> _ABOUT THIS EXERCISE_:
Under this line are records; the part from the line containing "Patient: sex M, age 34" through the line containing "Orientation: sagittal" should be repeated exactly. Please exclude pictures.

> _INFORMATION PROVIDED_:
━━━━
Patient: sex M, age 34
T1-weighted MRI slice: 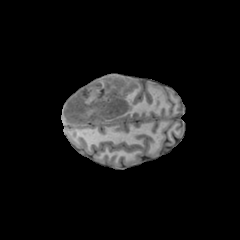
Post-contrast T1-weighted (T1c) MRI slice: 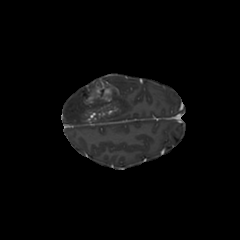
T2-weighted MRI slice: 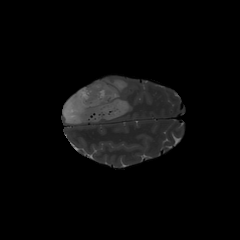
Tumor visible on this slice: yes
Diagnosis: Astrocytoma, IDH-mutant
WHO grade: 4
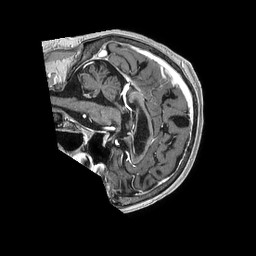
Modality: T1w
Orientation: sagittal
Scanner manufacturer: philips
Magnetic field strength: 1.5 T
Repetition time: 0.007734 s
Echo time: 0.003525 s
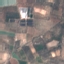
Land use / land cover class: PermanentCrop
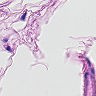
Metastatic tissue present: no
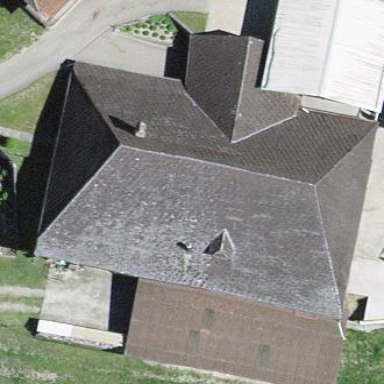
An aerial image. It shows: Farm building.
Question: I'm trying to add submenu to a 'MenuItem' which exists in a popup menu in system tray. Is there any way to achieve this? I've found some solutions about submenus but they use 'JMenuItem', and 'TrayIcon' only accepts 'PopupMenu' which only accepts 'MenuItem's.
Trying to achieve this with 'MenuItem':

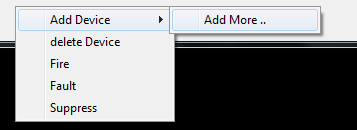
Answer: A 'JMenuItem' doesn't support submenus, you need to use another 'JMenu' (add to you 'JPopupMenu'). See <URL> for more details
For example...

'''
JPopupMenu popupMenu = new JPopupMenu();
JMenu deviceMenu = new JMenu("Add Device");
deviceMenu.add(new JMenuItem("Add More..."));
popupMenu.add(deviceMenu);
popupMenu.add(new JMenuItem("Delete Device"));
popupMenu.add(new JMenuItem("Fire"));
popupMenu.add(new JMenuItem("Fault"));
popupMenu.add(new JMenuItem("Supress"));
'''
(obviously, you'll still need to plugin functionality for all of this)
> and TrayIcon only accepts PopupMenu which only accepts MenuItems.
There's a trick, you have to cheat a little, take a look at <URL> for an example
━━━━
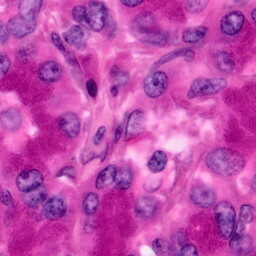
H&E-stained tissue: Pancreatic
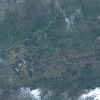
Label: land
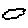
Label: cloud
━━━━
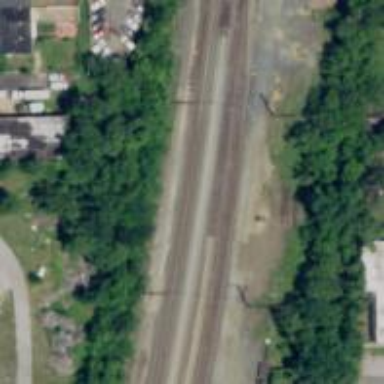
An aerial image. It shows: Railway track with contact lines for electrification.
━━━━
> _REPLY TO THE EXERCISE_:
Patient: sex M, age 34
T1-weighted MRI slice: 
Post-contrast T1-weighted (T1c) MRI slice: 
T2-weighted MRI slice: 
Tumor visible on this slice: yes
Diagnosis: Astrocytoma, IDH-mutant
WHO grade: 4
Modality: T1w
Orientation: sagittal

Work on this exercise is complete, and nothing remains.